◆ Information supplied ◆
========================

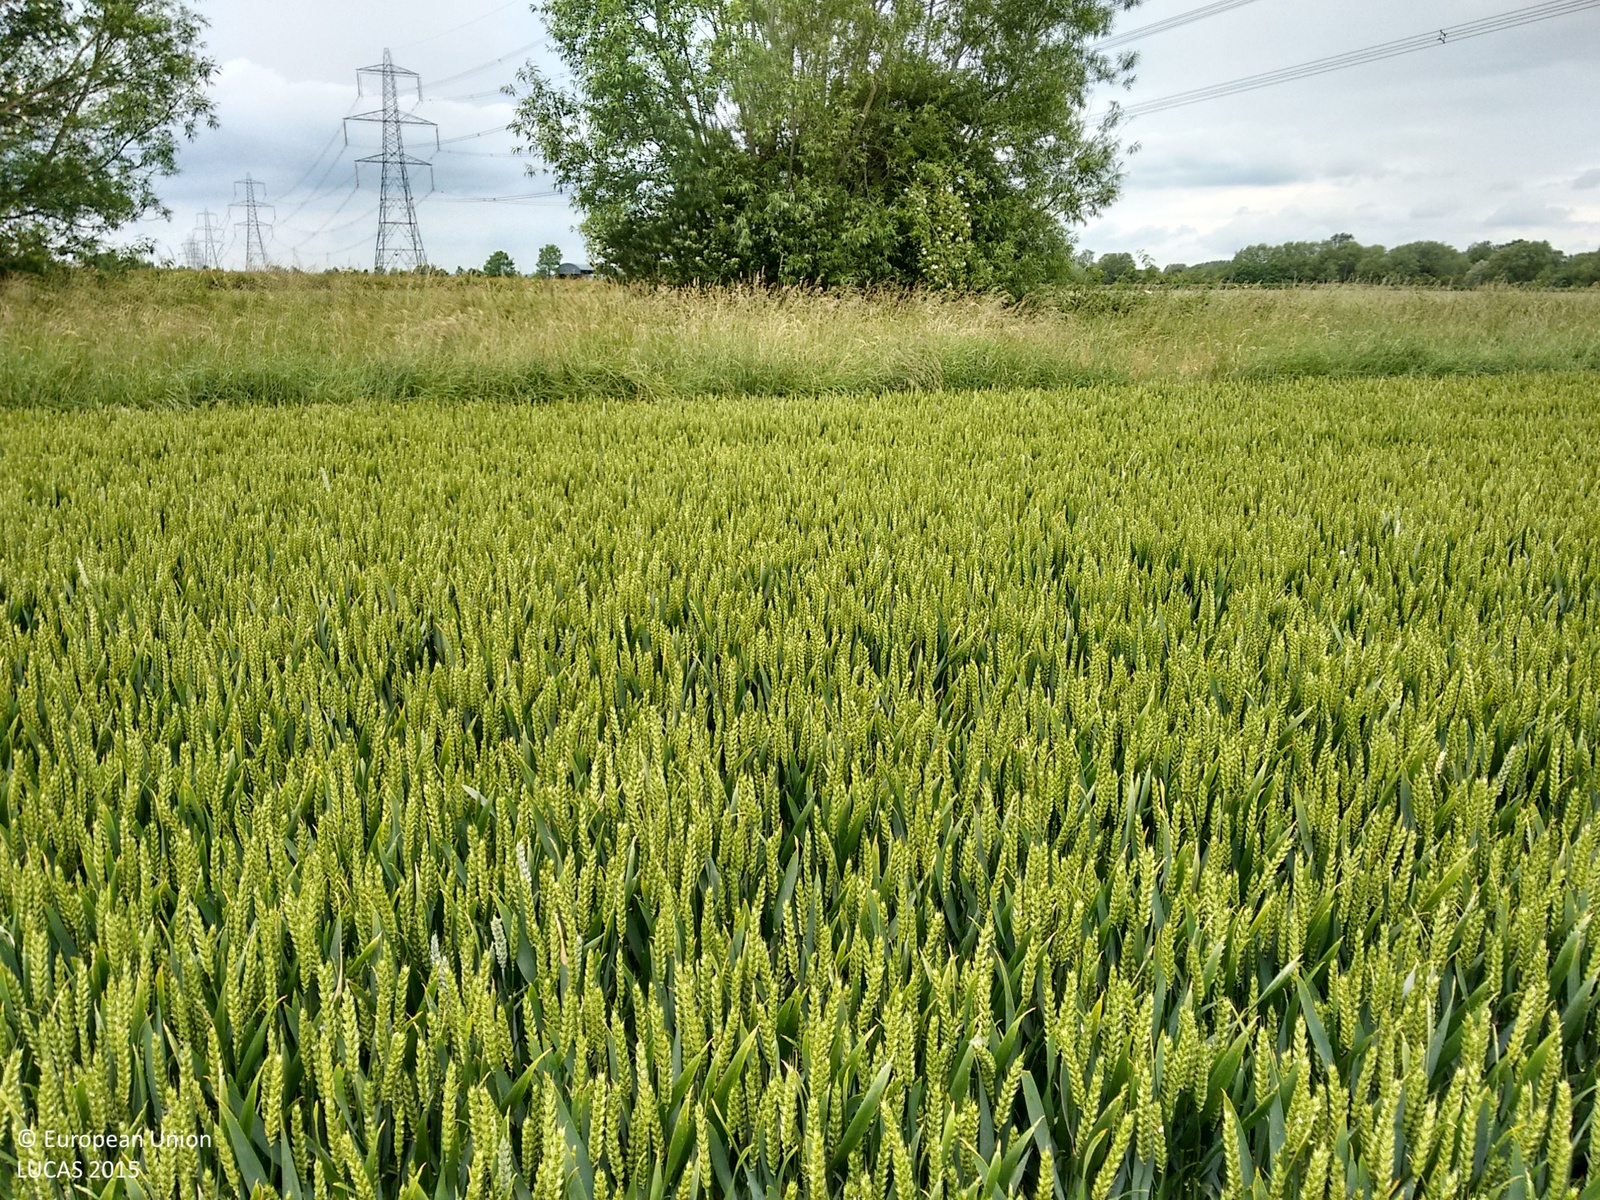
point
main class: Cropland
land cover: Common wheat
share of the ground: > 75 %
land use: Agriculture (excluding fallow land and kitchen gardens)
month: June
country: GB
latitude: 51.6963
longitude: -1.6126
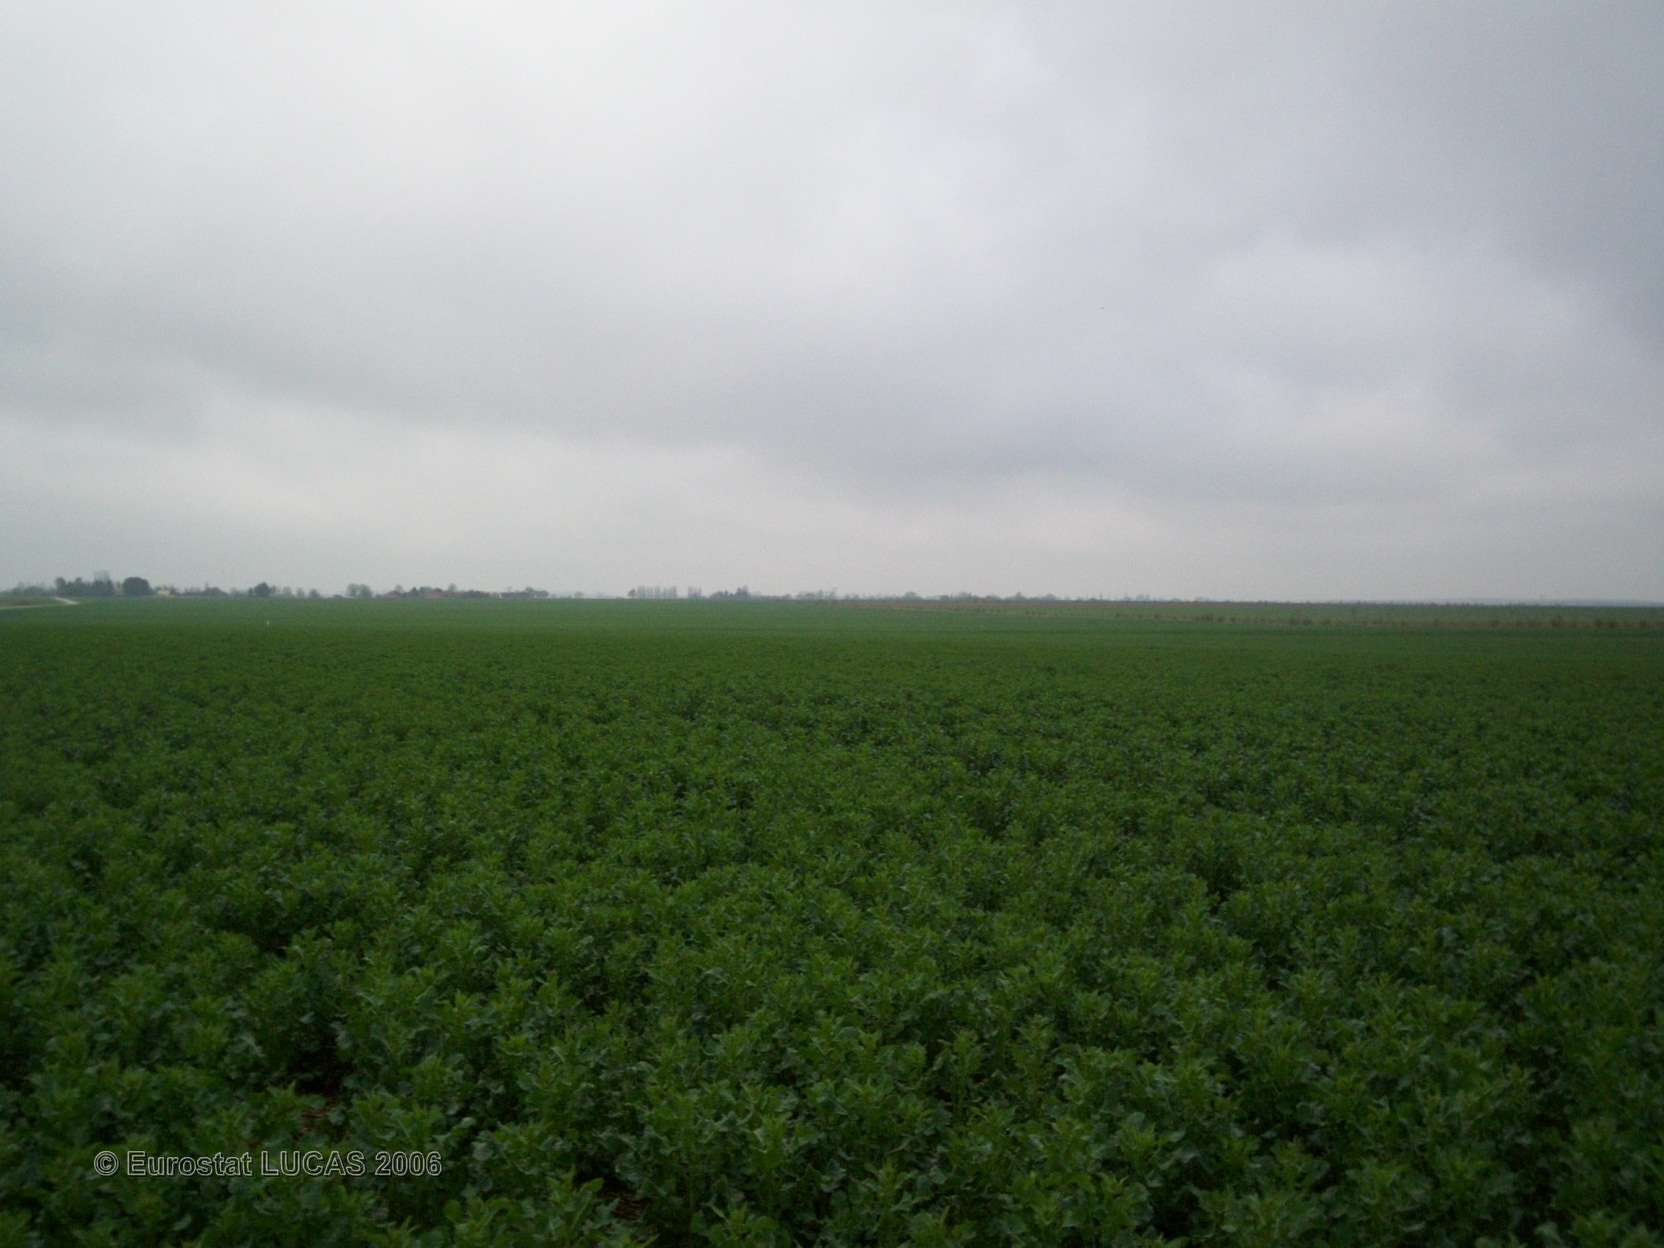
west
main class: Cropland
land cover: Rape and turnip rape
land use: Agriculture (excluding fallow land and kitchen gardens)
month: April
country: FR
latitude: 49.2135
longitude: 1.0139

========================

◆ Directions for this task ◆
Beginning with the line that holds "land cover: Rape and turnip rape", please return every line through the end of the data, exactly as written.

◆ Response to the exercise ◆
land cover: Rape and turnip rape
land use: Agriculture (excluding fallow land and kitchen gardens)
month: April
country: FR
latitude: 49.2135
longitude: 1.0139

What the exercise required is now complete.